Entries taken from a collection:
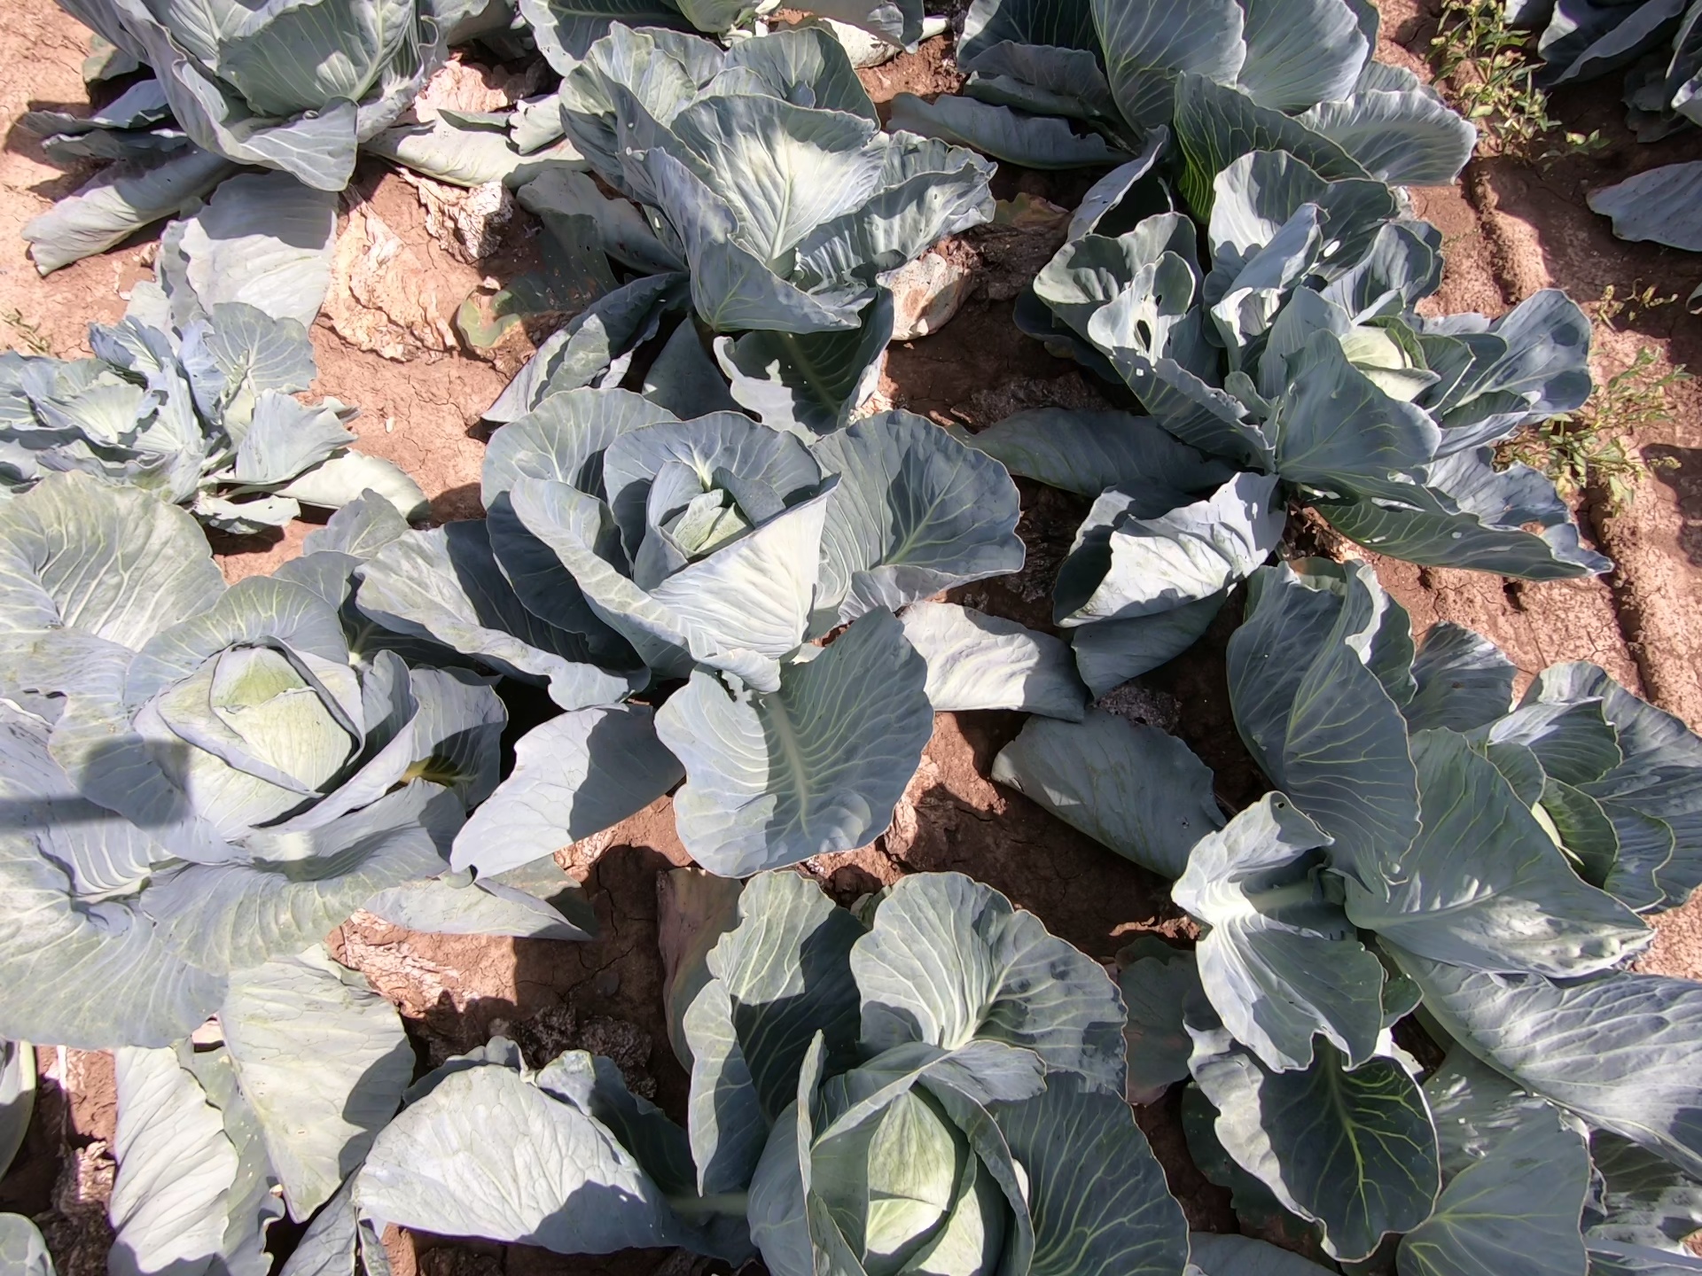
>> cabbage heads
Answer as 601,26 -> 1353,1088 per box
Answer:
637,505 -> 784,635
1355,769 -> 1569,960
132,649 -> 360,836
1294,320 -> 1428,447
765,1064 -> 1023,1272
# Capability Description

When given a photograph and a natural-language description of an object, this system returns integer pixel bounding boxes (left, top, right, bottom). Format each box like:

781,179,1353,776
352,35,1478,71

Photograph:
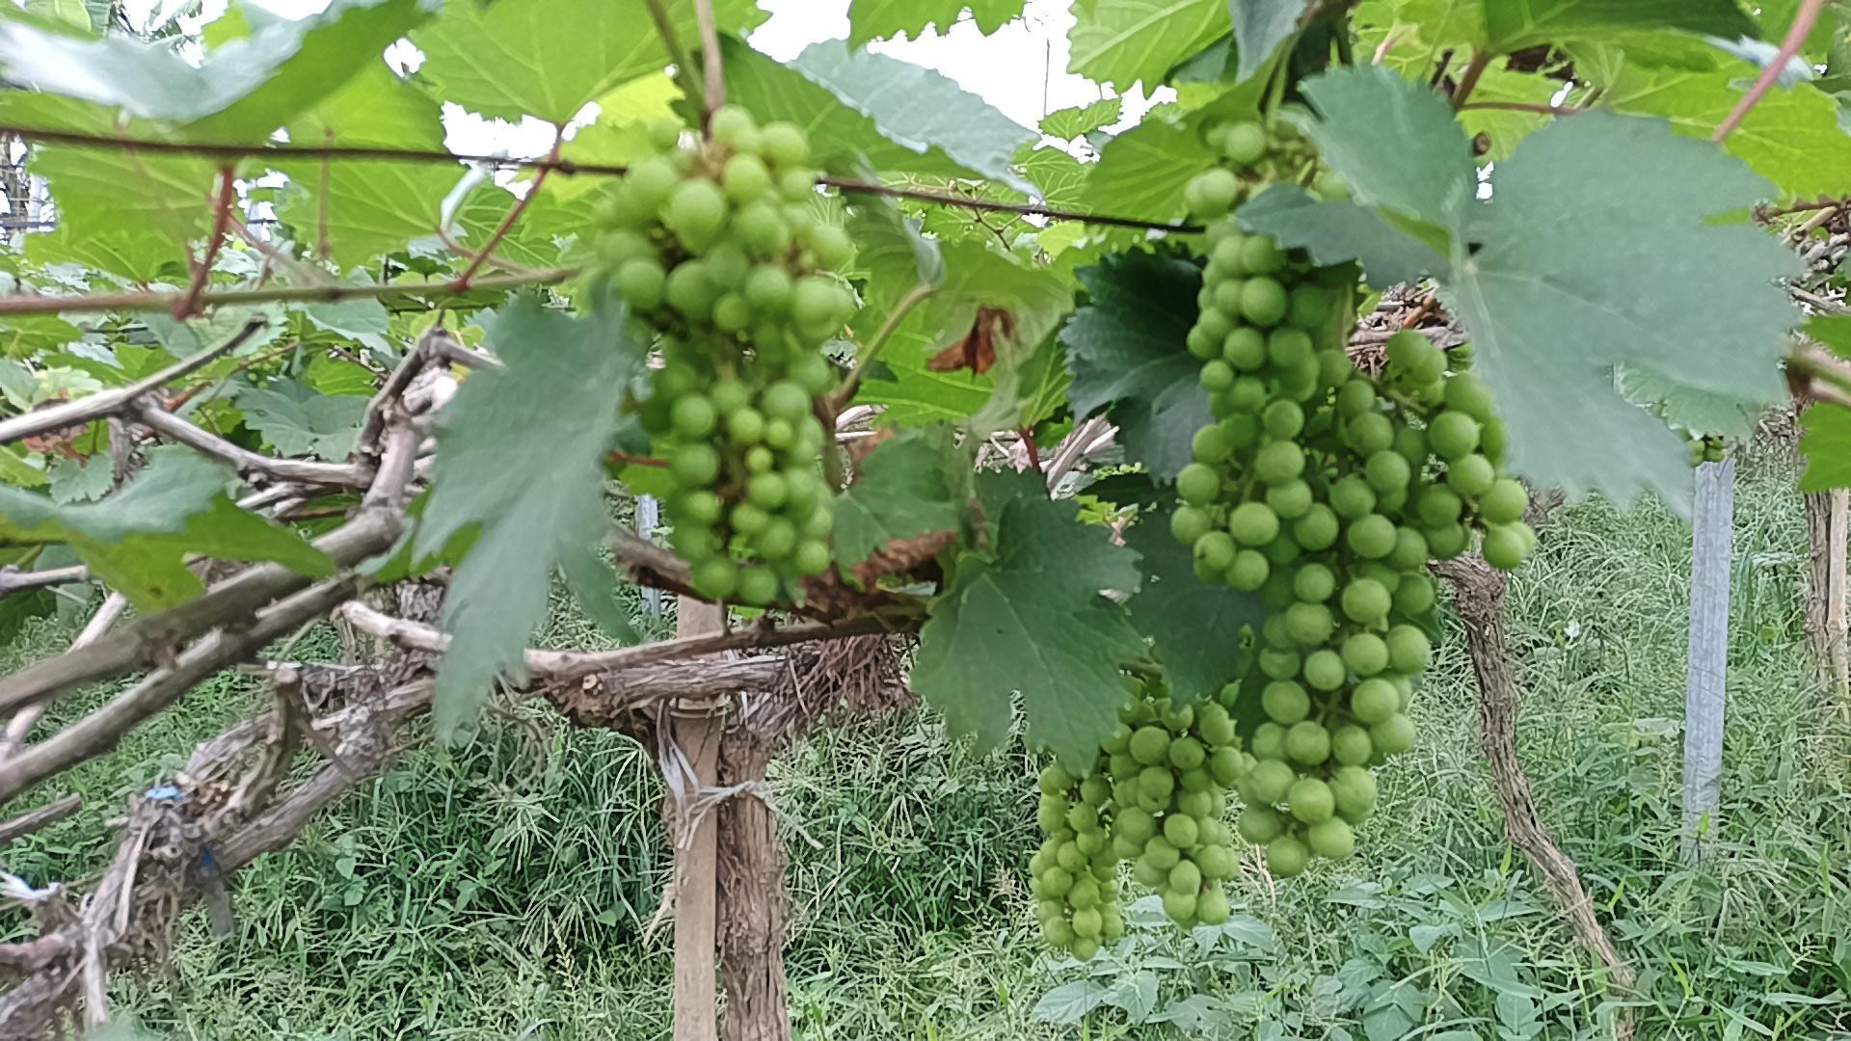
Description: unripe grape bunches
1170,121,1348,591
1030,764,1124,959
236,342,294,383
1380,330,1534,570
595,104,856,607
1237,351,1435,876
1676,427,1727,466
1104,683,1247,927
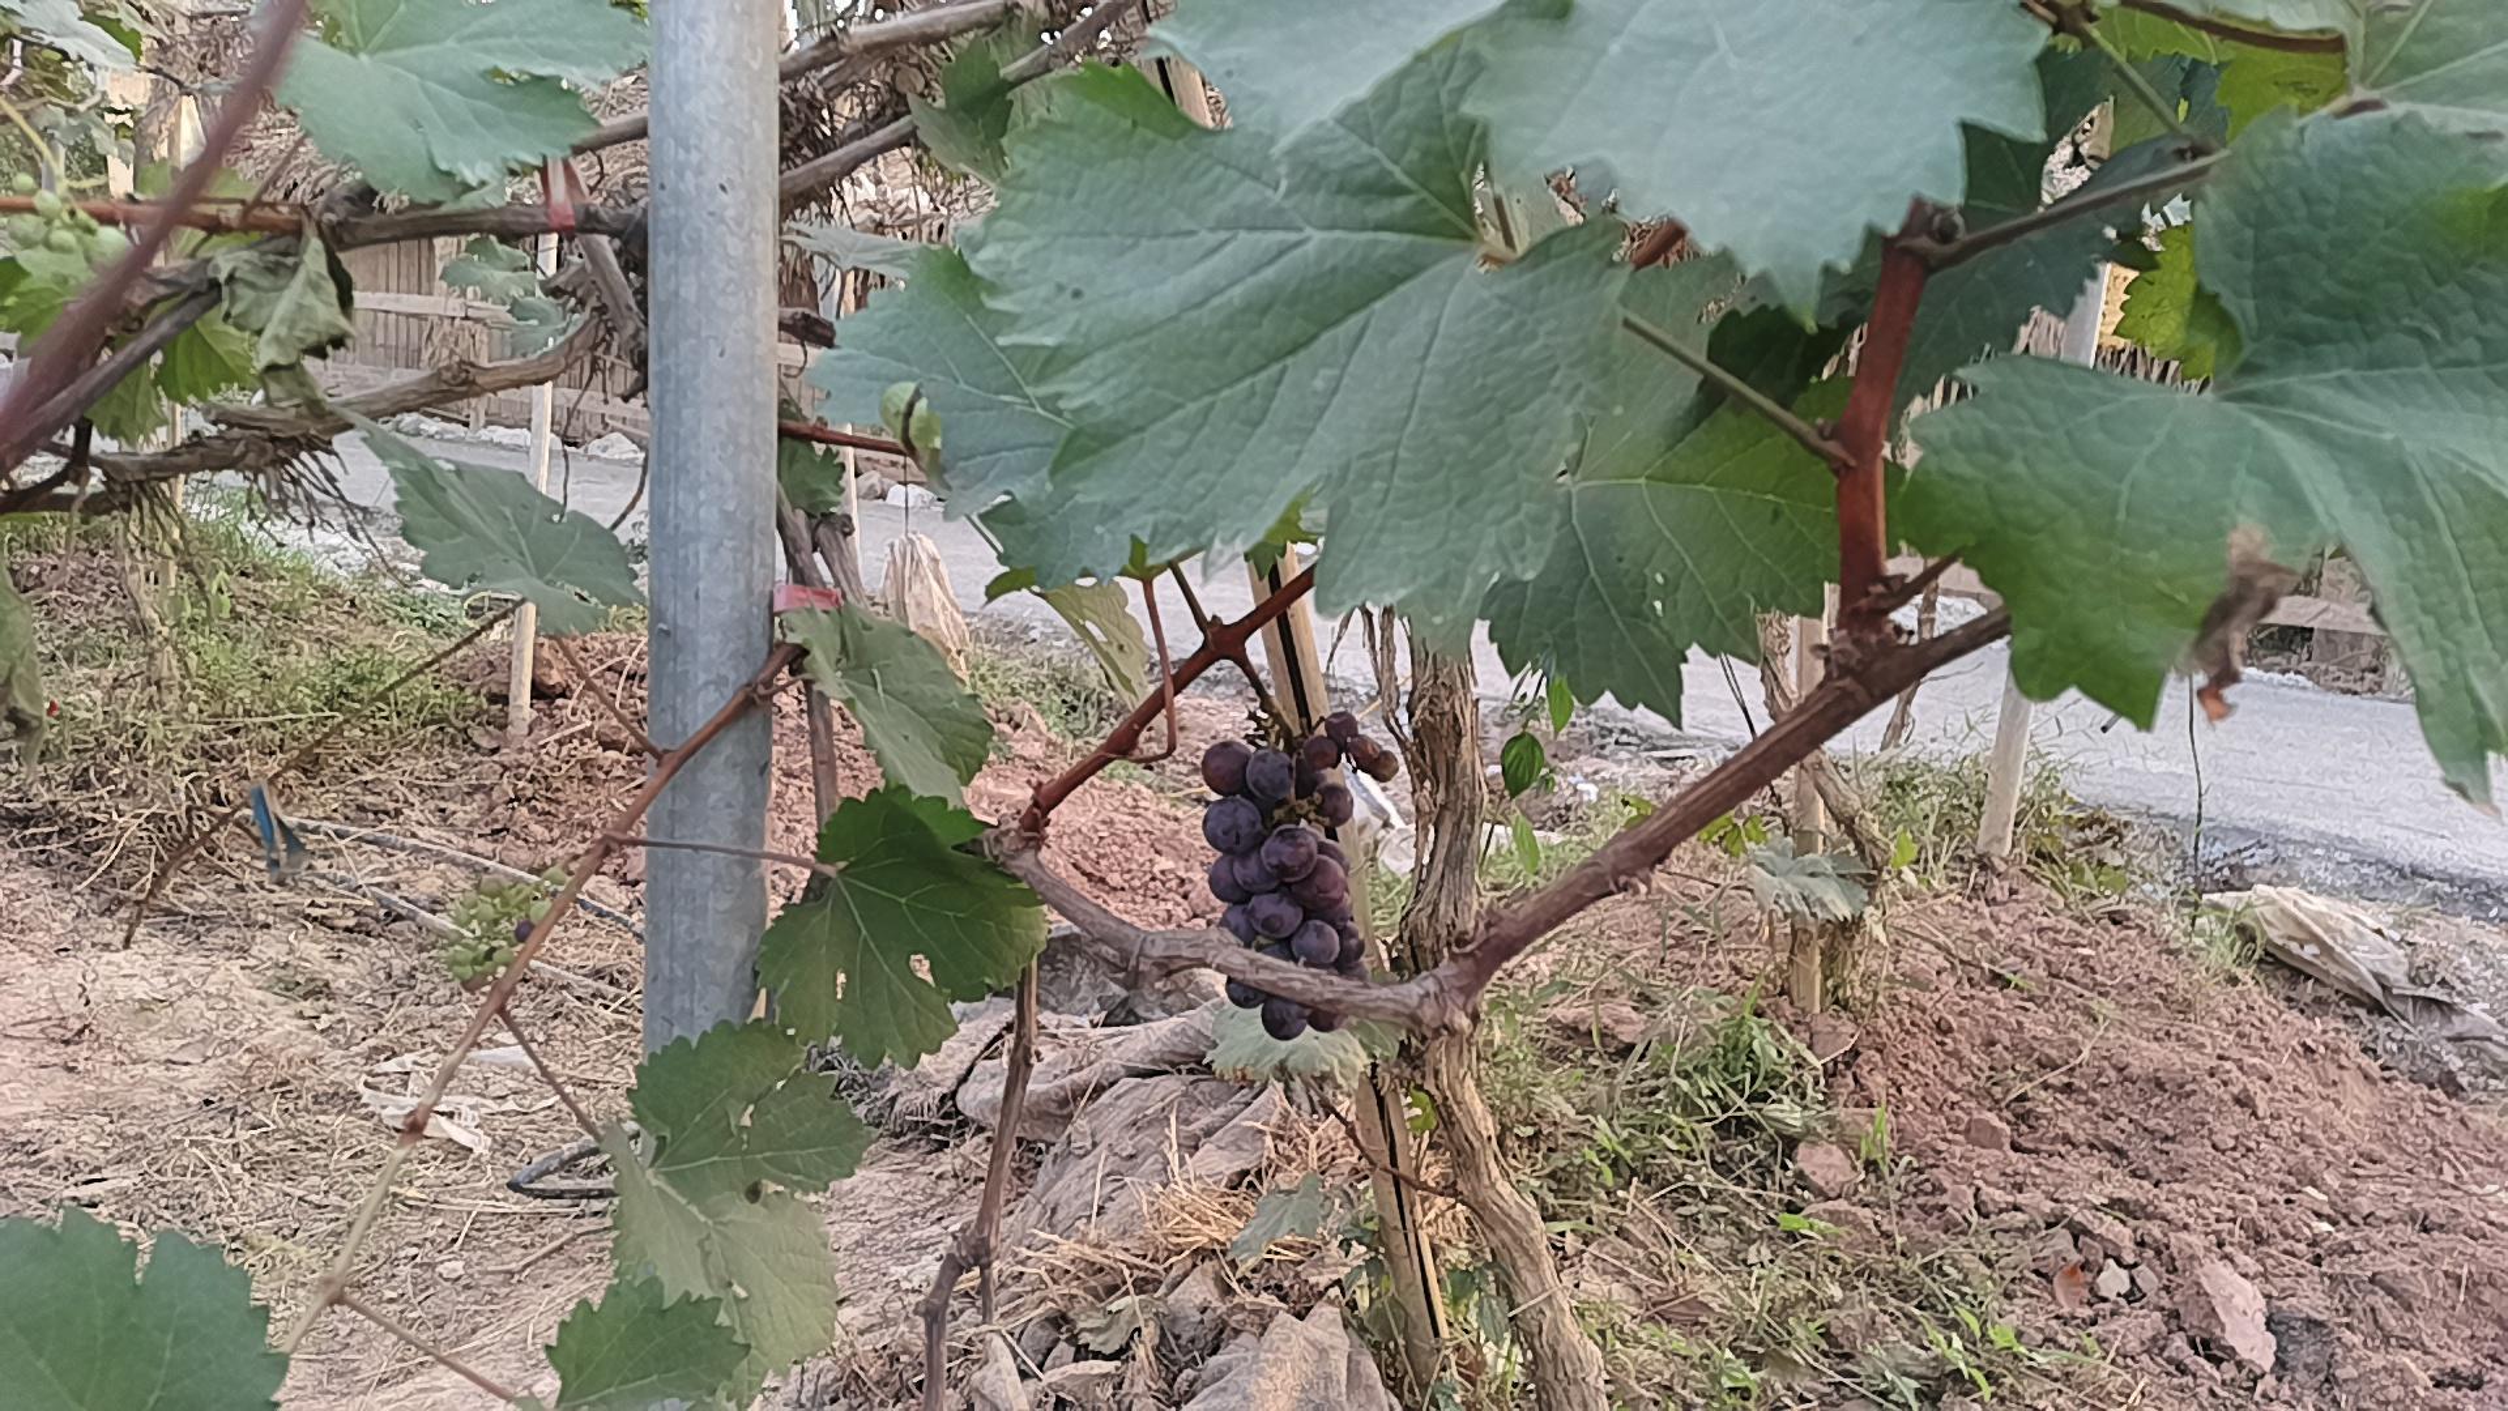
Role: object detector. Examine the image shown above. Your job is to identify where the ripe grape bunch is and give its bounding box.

Assigned task: Only the lines from the one containing "781,179,1353,776" through the final line of the data are to be written out, exactly as they stand and without pictures.

Result of this exercise:
781,179,1353,776
352,35,1478,71

Photograph:
Description: unripe grape bunches
1170,121,1348,591
1030,764,1124,959
236,342,294,383
1380,330,1534,570
595,104,856,607
1237,351,1435,876
1676,427,1727,466
1104,683,1247,927
Role: object detector. Examine the image shown above. Your job is to identify where the ripe grape bunch is and give its bounding box.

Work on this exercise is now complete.